Soms hoorde je zelfs de brulapen vlakbij tevergeefs om hun jong roepen
Het begint op het eiland met één jong mannetje en na een half jaar verspreidt de ontvoeringsmode zich naar vier andere jonge mannetjes. De baby’s proberen soms te ontsnappen maar worden dan weer teruggepakt. Goldsborough: „Soms hoorde je zelfs de brulapen vlakbij tevergeefs om hun jong roepen.”
Brulapen zijn drie keer zo groot als kapucijnapen en ook veel sterker. Maar zoals Goldsborough hen beschrijft zijn het ‘een soort koeien in de bomen’. „Ze eten vooral bladeren en met hun langzame vertering zitten ze meestal heel rustig in de boom. Daarom is het niet verrassend dat het kapucijnapen zou lukken om brulaapbaby’s te ontvoeren. Het verbaast me wel dat het zo vaak achter elkaar lukt. Elf baby’s… dat is echt heel veel. Je zou denken dat de brulapen met een soort anti-roofdierreactie op de kapucijnapen zouden gaan reageren.”

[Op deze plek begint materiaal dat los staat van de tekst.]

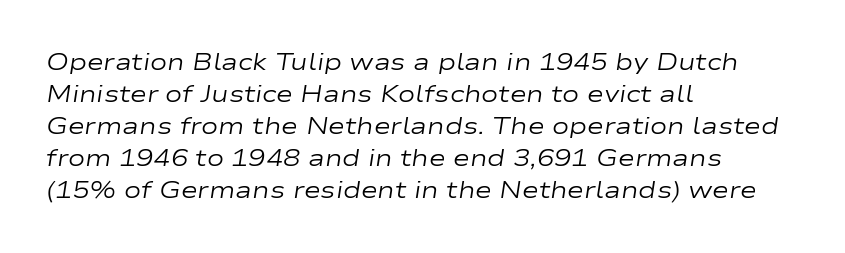
The image shows 23 px text type, italic (leaning right); set left-aligned, normal line spacing (1.39x), normal letter spacing, not underlined.
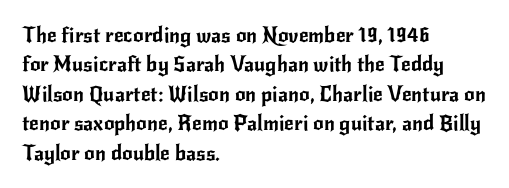
{"italic": "no", "underline": "no", "align": "left", "line_spacing": "normal", "line_spacing_ratio": 1.4, "letter_spacing": "normal", "letter_spacing_em": 0.0, "glyph_px": 21}
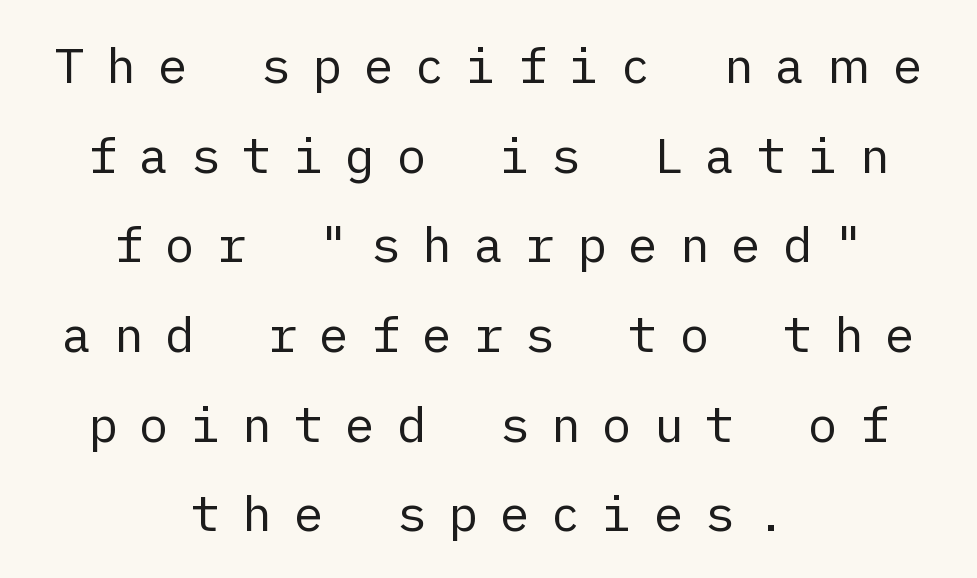
Display-style spreading of the glyphs; the letterfit is very open. The glyphs are unaccompanied by any horizontal stroke below them. The letters stand upright; this is a roman face. Each line is balanced around a shared central axis. No extra ink here — the face is not bold. You can tell from the bare stems that sans-serif type was used.

Een ontvoerde brulaapbaby zit vastgeklemd aan de borst van een van de ontvoerders. Als tweede komt de initiator van dit gedrag (Joker genoemd) uit de struiken.Video Brendan Barrett/Max Planck Institute of Animal Behavior
Als al die elf lokaal zijn geroofd, zijn het waarschijnlijk álle brulaapbaby’s die daar in de buurt zijn geboren. „Een zware bedreiging dus voor het voorbestaan van die brulaapgroepen.” Helaas is op de cameravallen niet te zien hóe de jonge kapucijners de baby’s roven van de brulaapgroepen, die in kleine familiegroepen leven in de bomen.

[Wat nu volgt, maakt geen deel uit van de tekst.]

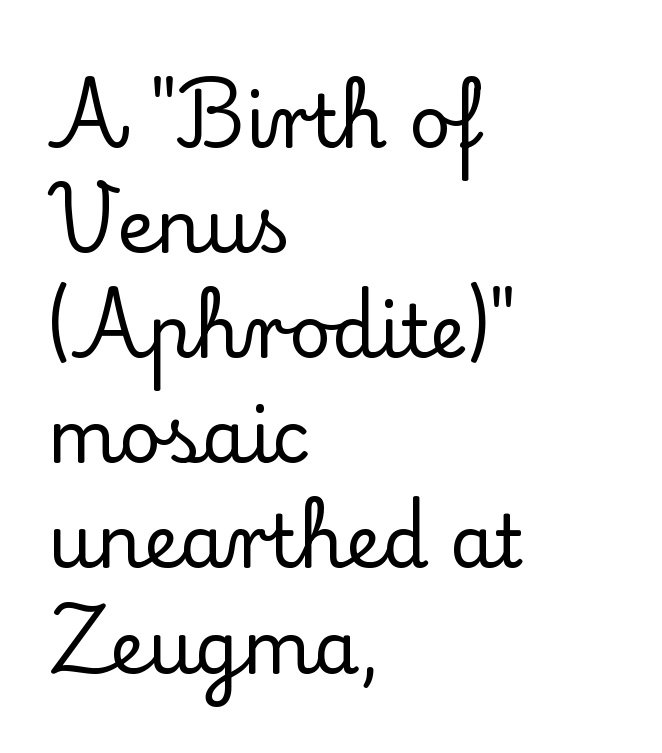
The image shows 73 px serif type, upright; set left-aligned, normal line spacing (1.44x), normal letter spacing, not underlined; low stroke contrast and a small x-height.

‘Joker’, zoals Goldsborough de eerste ontvoerder doopte, vertoonde nog wel enig zorggedrag, maar zijn imitatoren nauwelijks. De baby’s werden niet verwond of opgegeten, maar door de afwezigheid van moedermelk verslechterde hun toestand met de dag, zo kon op de video’s worden gevolgd. Van vier baby’s zagen de onderzoekers dat ze dood gingen, en van de anderen is dat vrijwel zeker. „Eerst dachten we dat het adoptie was, maar dat konden we toch wel vrij snel uitsluiten”, aldus Goldsborough.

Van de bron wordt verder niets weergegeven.